We propose that the moment-to-moment content of consciousness just is whichever neural/mnemonic representation is, at that instant, the most accessible state, given the system’s history and embedding context. The accessibility term for the transient ease with which a stored representation can be retrieved becomes the central construct. On this view, the stream is not a mysterious addition to physical process; it is the serial, trajectory of a system undergoing relativistic state transitions.
The resulting framework is near-deterministic at the psychological level: every transition is fully shaped by prior causes acting through the accessibility mechanism, rendering libertarian free will impossible at the level of conscious choice, while remaining neutral on whether low-level physical indeterminism ultimately contributes noise to the perturbation phase.
An Evolutionary Account of Consciousness
Biological evolution is standardly described in terms of variation, selection, and inheritance operating across generations (Darwin, 1859). Over the last half-century, the framework has been repeatedly generalized as “Universal Darwinism” by Dawkins, who applies the same abstract logic, generates variants, selects some subset, and retains the selected features. The concept evolved and contributed to cultural evolution (Mesoudi et al., 2006), immune-system dynamics (Edelman, 1987), neural development (Calvin, 1988) and even cosmology (Smolin, 1997). In each case, a population of entities undergoes differential persistence according to context-sensitive criteria.
Thus, remarkably general abstract dynamic recurs across vastly different domains of nature.
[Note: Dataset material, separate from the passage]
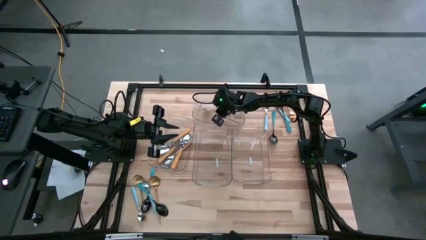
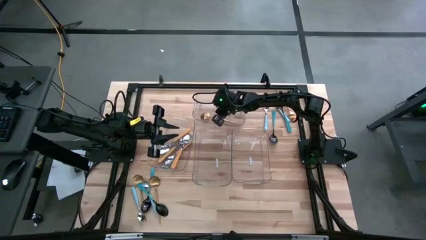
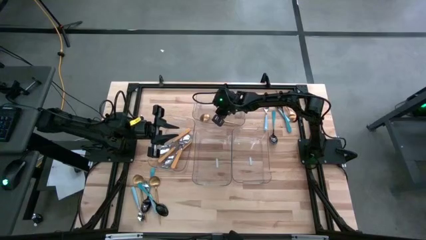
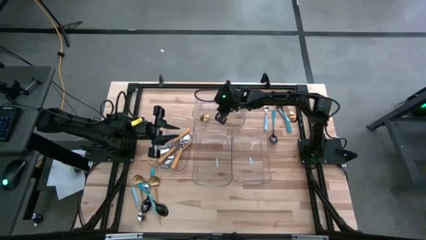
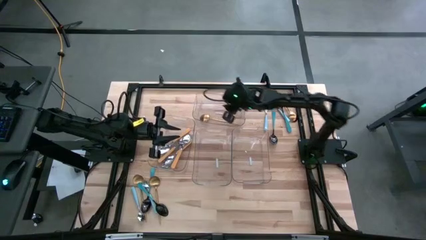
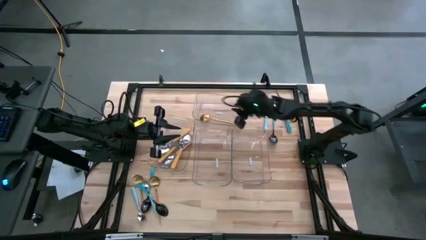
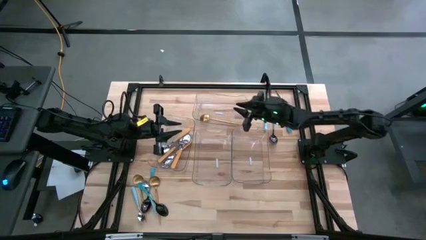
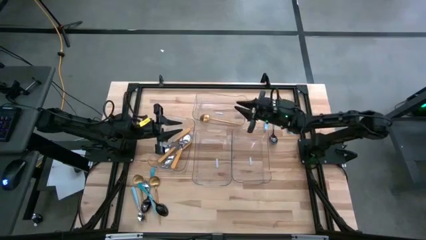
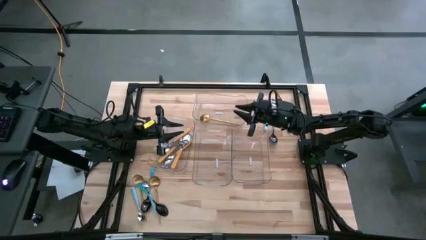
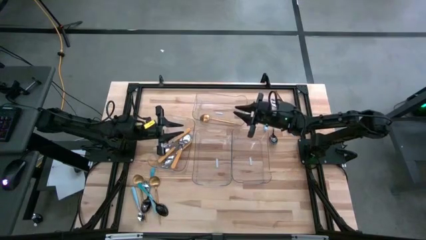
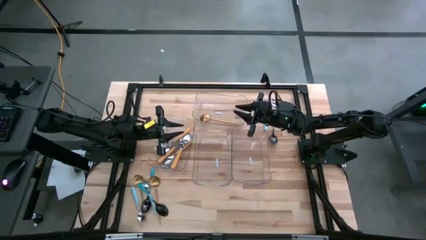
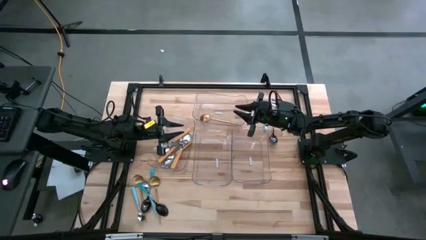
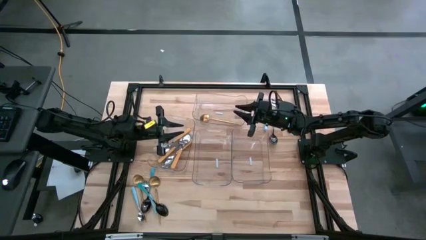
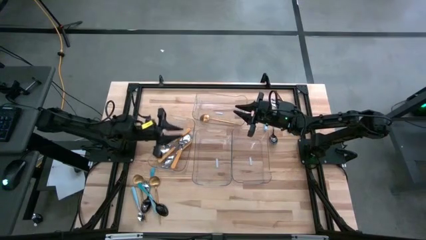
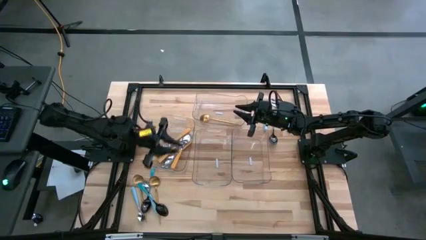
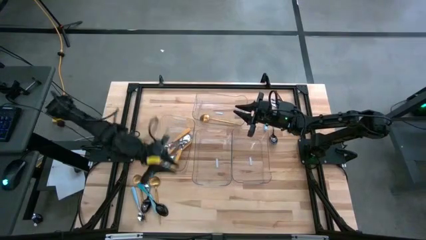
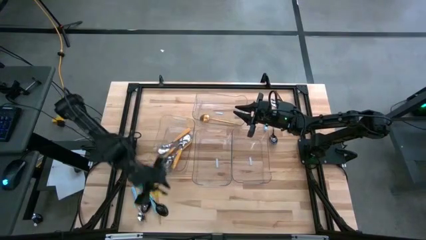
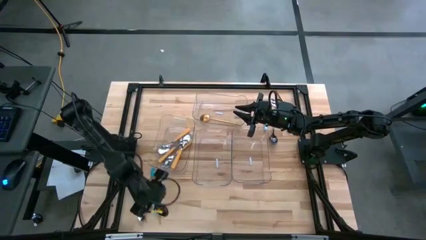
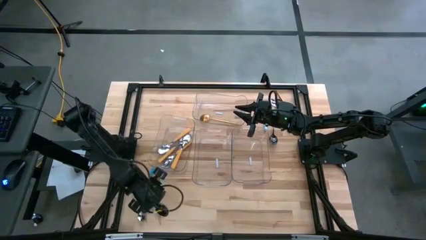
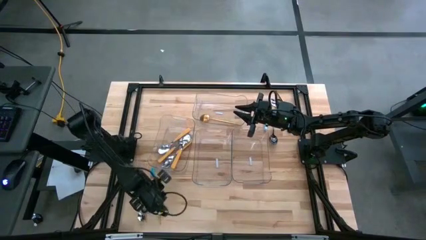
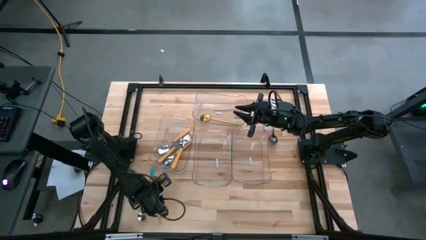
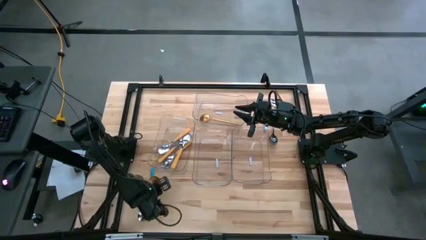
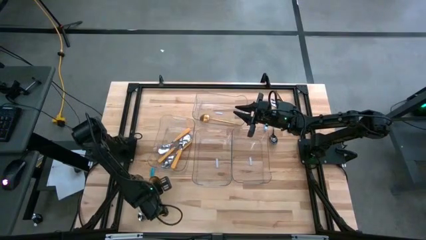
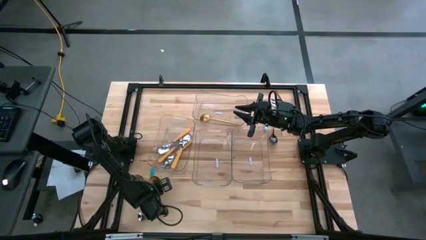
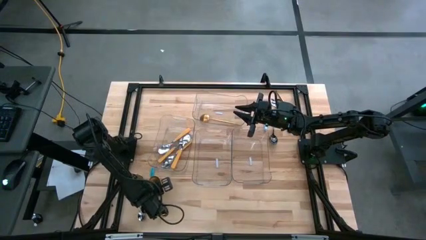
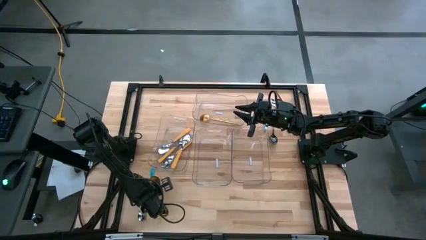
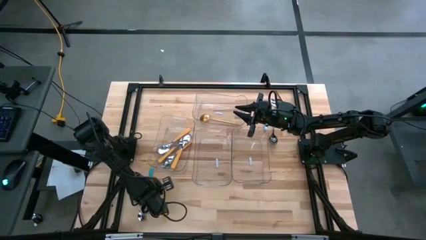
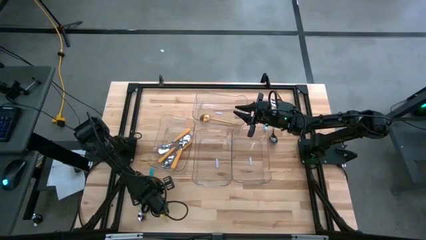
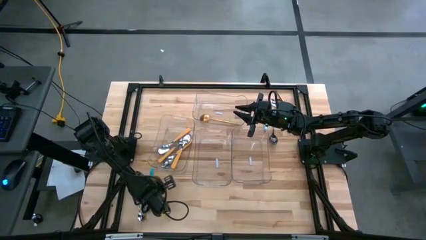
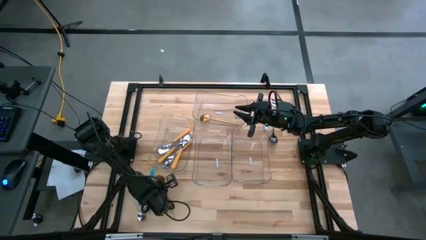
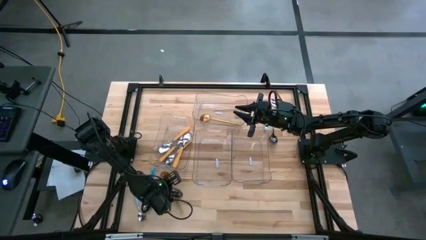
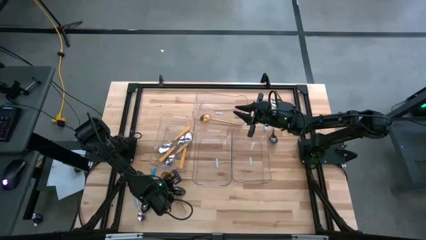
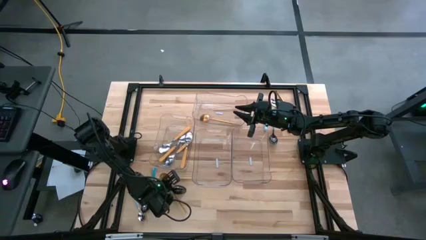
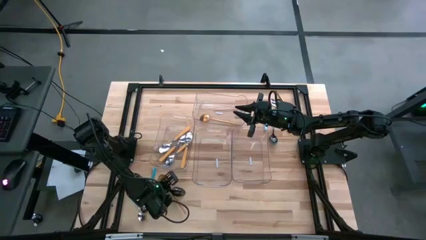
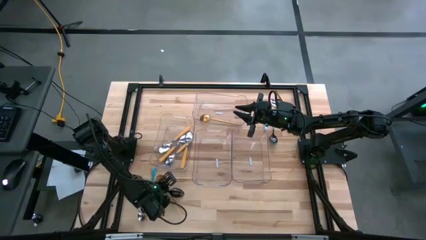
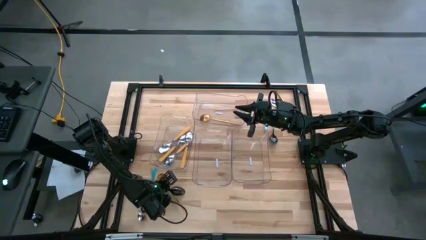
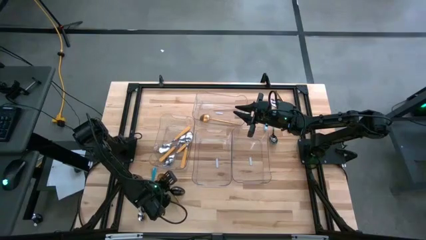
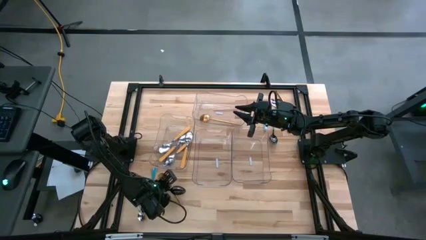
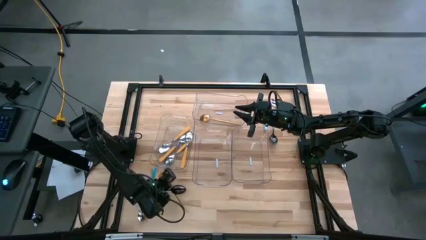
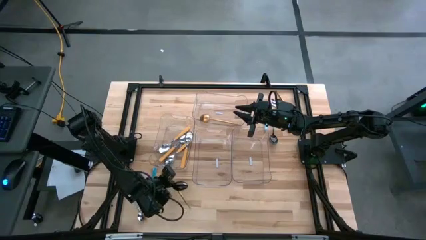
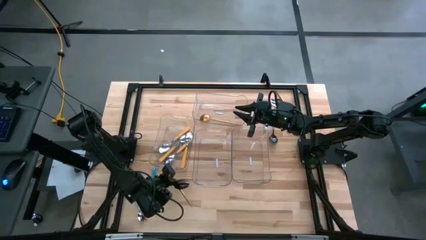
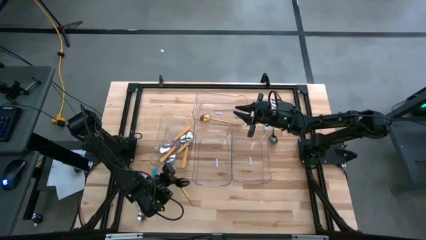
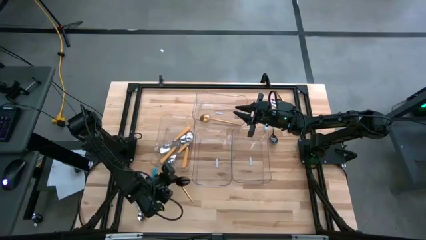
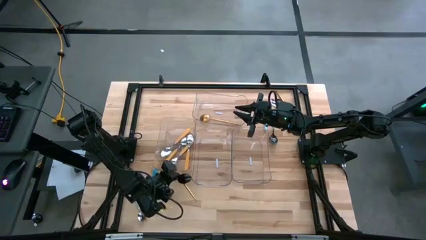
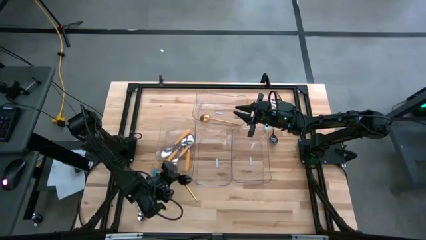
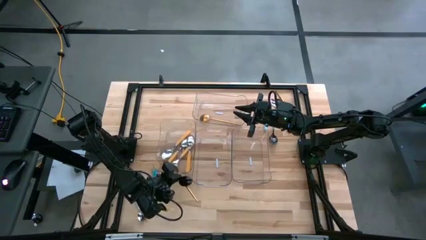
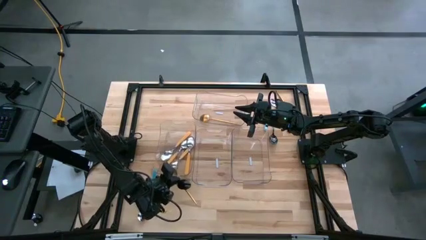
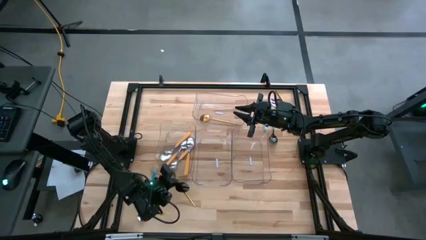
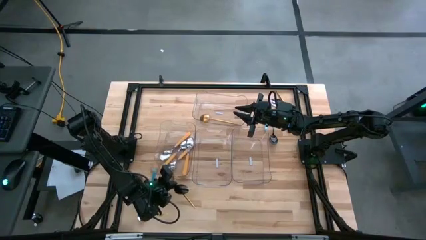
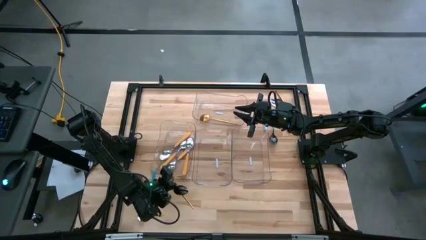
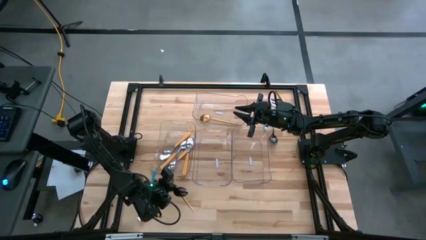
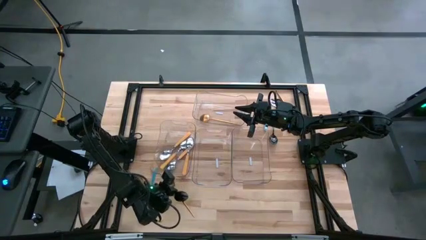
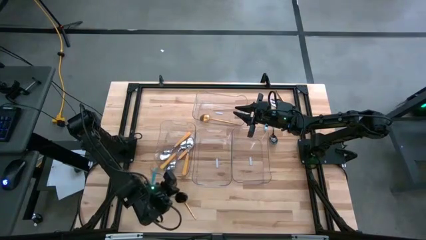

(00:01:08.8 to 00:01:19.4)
Task: Sort silverware by color (type)
Put the gold spoon into the top transparent bin

Systems that adapt and maintain coherence do so through repeated cycles in which (1) the current state is perturbed in multiple ways, (2) only certain resulting configurations transiently persist according to context-sensitive constraints, and (3) the persisting configuration becomes the starting point for the next cycle (Stoelhorst, 2005).
The central thesis of this paper is that the same abstract dynamic, varying only in timescale and substrate, operates on the millisecond-to-second level we directly experience as the stream of phenomenal consciousness. At this level, the competing entities are not organisms, antibodies, or cultural items, but fleeting neural and mnemonic patterns. Within conscious processing, the three phases take the following domain-specific forms:
Perturbation: the current dominant state is continuously modified by sensory input, spontaneous activity, and internal noise, modifications that are never ontologically random and originate from specific physical and biochemical imbalances produced by the system’s current relations and antecedent causes.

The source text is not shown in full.